(Collection entries)
-.-.-
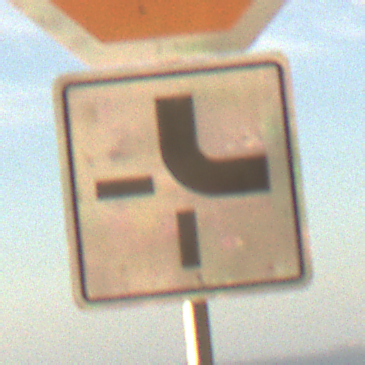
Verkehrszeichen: VerlaufVorfahrtsstrasse4
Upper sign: Stop
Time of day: SunriseSunset
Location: Outdoor (Nature)
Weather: PartlyCloudy
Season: NotSpecified
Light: Natural
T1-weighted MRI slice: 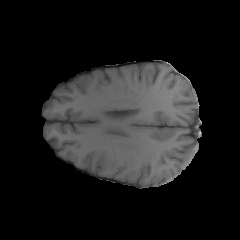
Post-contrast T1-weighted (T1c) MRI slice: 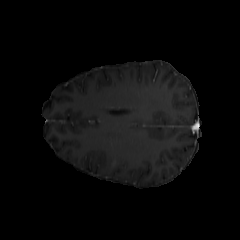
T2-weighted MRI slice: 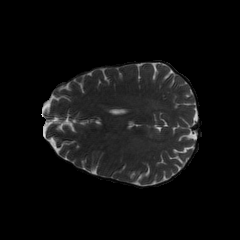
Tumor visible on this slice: yes
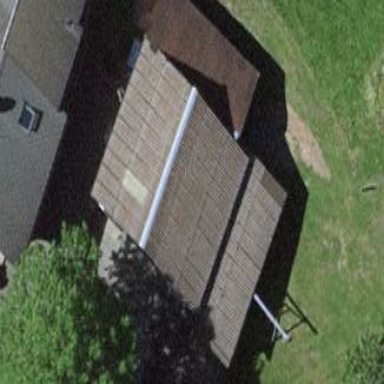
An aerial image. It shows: View of roof of building.
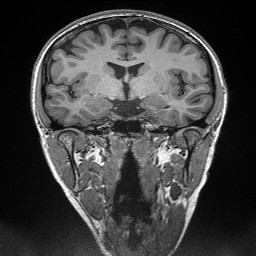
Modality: T1w
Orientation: sagittal
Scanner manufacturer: siemens
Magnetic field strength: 3 T
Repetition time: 2.3 s
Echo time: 0.00298 s
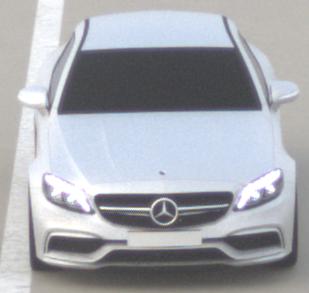
Make: Mercedes-Benz
Model: C 43 AMG
Detailed model: C-Class (205) AMG Limousine
Model produced from: 2016/10
Model produced until: 2018/04
Doors: 4
Color: white
Road condition: dry road
Daytime: morning or afternoon
Contrast: low contrast
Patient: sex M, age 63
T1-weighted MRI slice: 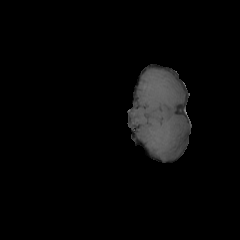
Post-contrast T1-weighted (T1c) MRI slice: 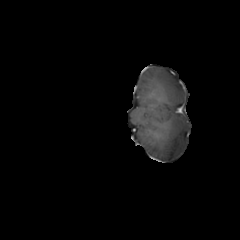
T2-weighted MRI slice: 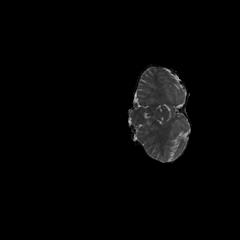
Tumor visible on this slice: no
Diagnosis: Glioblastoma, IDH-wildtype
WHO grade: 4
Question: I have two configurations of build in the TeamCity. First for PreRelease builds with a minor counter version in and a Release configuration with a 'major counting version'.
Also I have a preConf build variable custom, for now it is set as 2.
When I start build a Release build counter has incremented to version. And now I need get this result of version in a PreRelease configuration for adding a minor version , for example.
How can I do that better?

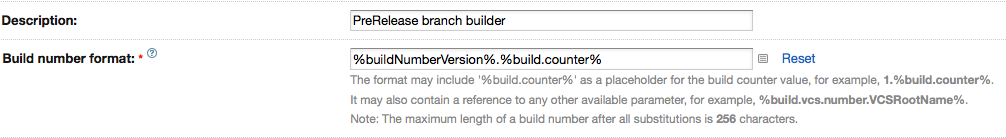
Answer: You can achieve this using dependencies(snapshot or artefact). You basically need to set target 2 as a dependency of target 1
In such a case, you can access any variable set in previous build (i.e target 1 ) in the dependent build target2 using the form '%dep.<buildID>.varname%'
You can read more on this <URL>.
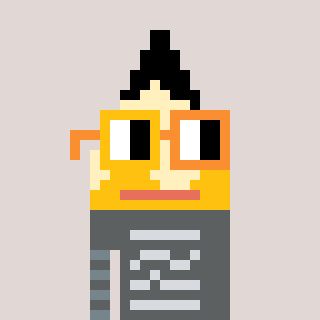
a pixel art character with square yellow and orange glasses, a pencil-shaped head and a teal-colored body on a warm background
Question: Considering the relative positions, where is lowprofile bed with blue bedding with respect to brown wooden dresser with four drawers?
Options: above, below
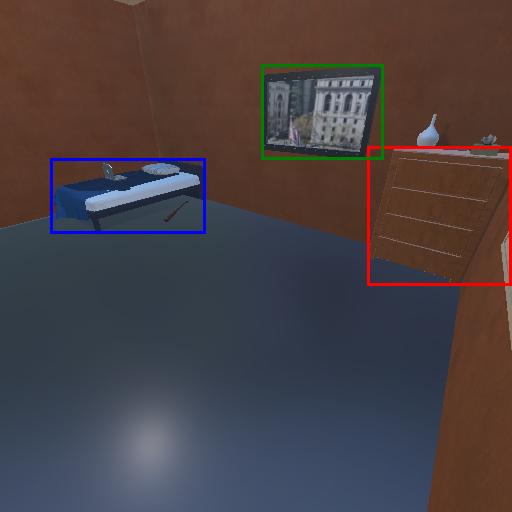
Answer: above
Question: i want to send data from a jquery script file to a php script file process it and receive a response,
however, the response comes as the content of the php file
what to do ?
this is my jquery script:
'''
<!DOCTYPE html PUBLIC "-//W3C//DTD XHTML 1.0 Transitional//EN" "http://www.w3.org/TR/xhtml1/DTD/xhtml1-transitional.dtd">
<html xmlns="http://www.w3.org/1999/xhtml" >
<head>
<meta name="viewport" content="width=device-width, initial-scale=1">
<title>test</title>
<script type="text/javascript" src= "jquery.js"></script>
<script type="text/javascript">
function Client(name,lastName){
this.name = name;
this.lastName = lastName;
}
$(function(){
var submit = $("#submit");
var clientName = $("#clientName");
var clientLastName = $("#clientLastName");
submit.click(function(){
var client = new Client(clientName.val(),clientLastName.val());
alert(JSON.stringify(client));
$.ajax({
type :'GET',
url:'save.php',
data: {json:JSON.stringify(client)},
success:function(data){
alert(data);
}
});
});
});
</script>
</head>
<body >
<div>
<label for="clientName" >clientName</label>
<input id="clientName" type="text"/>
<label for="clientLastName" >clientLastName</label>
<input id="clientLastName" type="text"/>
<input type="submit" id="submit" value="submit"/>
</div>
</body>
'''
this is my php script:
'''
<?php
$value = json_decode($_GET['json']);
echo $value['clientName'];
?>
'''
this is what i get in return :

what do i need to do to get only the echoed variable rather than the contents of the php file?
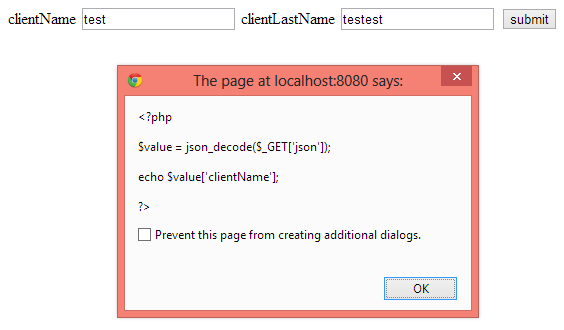
Answer: Check whether php can be compiled in your localhost as suggested by Nirazul. To access 'json' values in php make use of '->'. Modified script is below
'''
<?php
$value = json_decode($_GET['json']);
echo $value->name; // or $value->lastName
?>
'''
-.-.-
* **Aim of the exercise**
When a line of the records holds the word "visible", copy that line.

* **Task response**
Tumor visible on this slice: yes
Tumor visible on this slice: no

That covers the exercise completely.